I know you, the small business owner, spent a gajillion dollars on your web site, dollars you probably didn’t have in your lovely little small shop’s budget until some friend of yours or (more likely) some consultant friend of a friend of yours dropped by wearing a trendy scarf and very expensive shoes and convinced you that to stay competitive, to stay current, to make a statement, you needed to have a web site with lots of sensual images and flowing movement. She said it was essential that you build this site in Flash. She said all the cool kids were doing it. And you fell for it.
You probably know nothing about how to develop web sites and maybe you don’t want to. Maybe – probably – you just want to go about your business of selling specialty teas or lipstick made out of ground up fairies or balsa wood harmonicas. You had a dream, a small business dream, and your web site was not part of that dream. Your web site was like that trivet you bought before that party that one time: it’d be nice if it were pretty but mainly it just had to preserve the finish on your coffee table.

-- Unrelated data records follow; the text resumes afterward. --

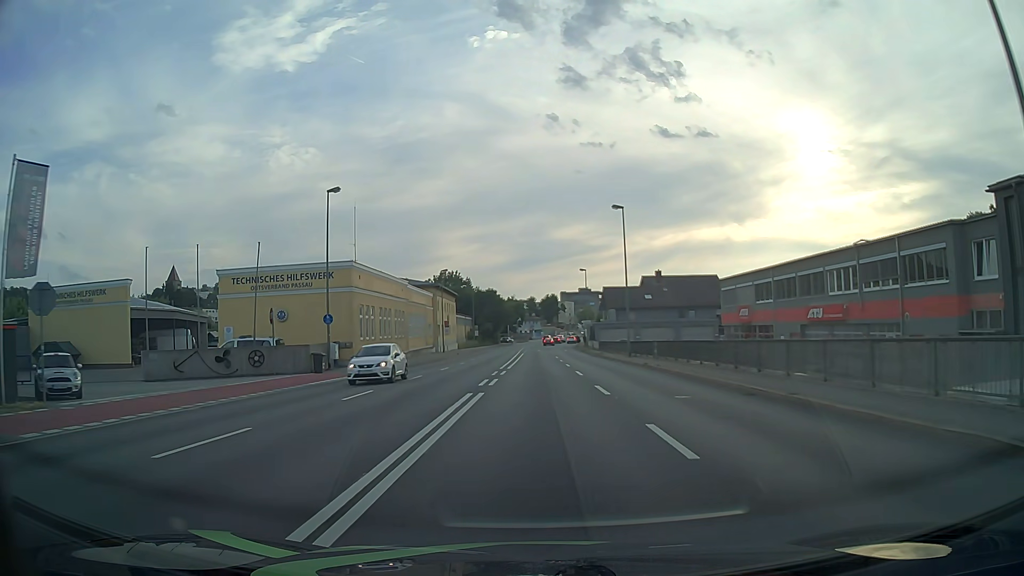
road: primary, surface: asphalt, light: Day
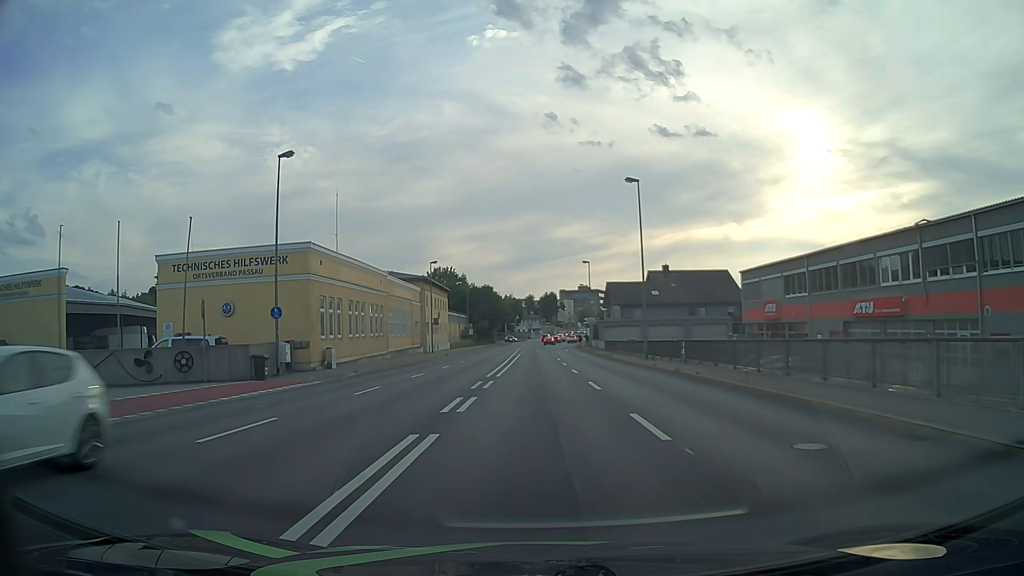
(0.0, +7.7) m; 0°
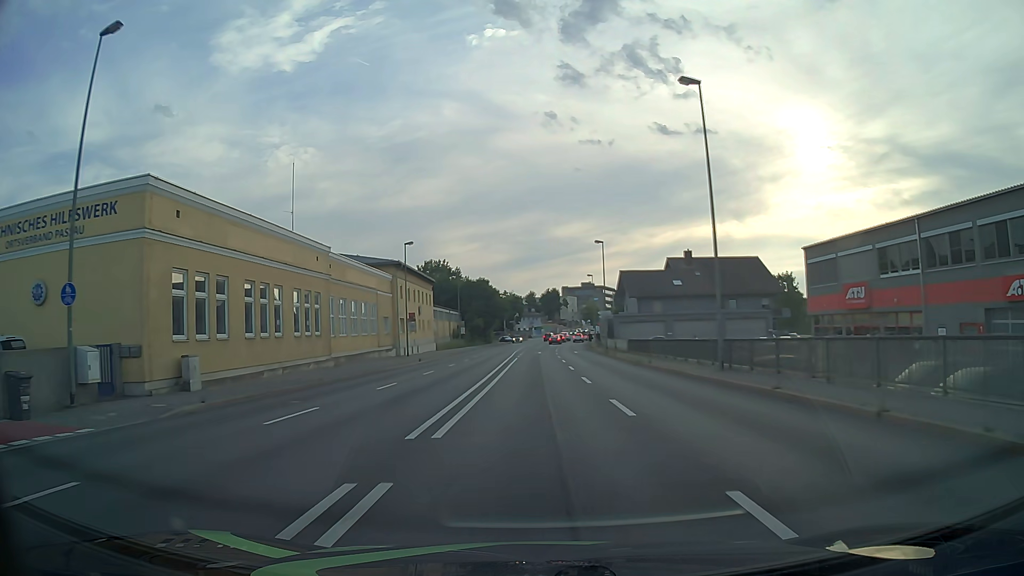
(0.0, +15.3) m; 0°
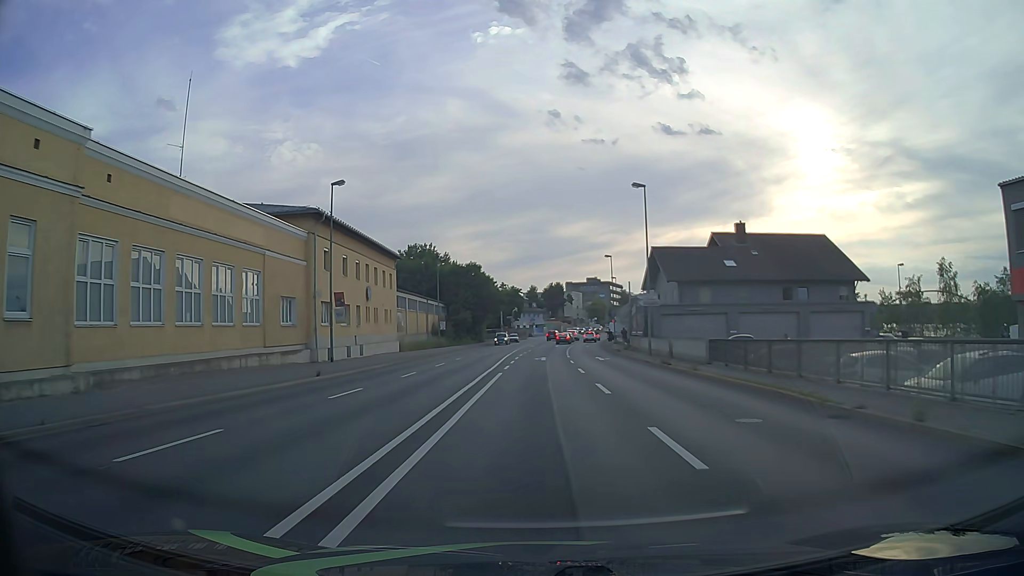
(-0.1, +23.0) m; 0°
(0, +10) (0, +20) (0, +30) (0, +40) (+1, +50) (+1, +60) (+2, +70) (+2, +80) (+3, +90) (+4, +100) m

I’m sorry to have to break it to you but you blew it.
I know it’s Monday and I know it’s raining and you were probably hoping to just sort through your grey day and go home for a nice cup of tea without anyone getting all up in your business, but there it is. You made a mistake. You dropped the ball. You took the wrong tine at the fork in the road and the end of that road is your very expensive, extremely irritating web site.
Unless you are either a game-crazed teenaged boy or a deranged person with a lot of time on your hands at the residential facility where you live, a Flash home page is a blight.
When you build a Flash movie into your home page (e.g. here), your visitor’s very first experience of this business of yours – the one that you have so carefully planned and built – is of waiting. Waiting while you get yourself together. Waiting while you go get your slide deck and set up the projector.
I hate to break it to you, but a musical slideshow of your best features is not of interest to anyone but your beloved and even then, s/he is probably only being polite. I know it’s hard news to get, but your customers do not want to see your slides or your movies. (At least not until you’ve gotten them drunk or offered them a shiny object and maybe not even then.)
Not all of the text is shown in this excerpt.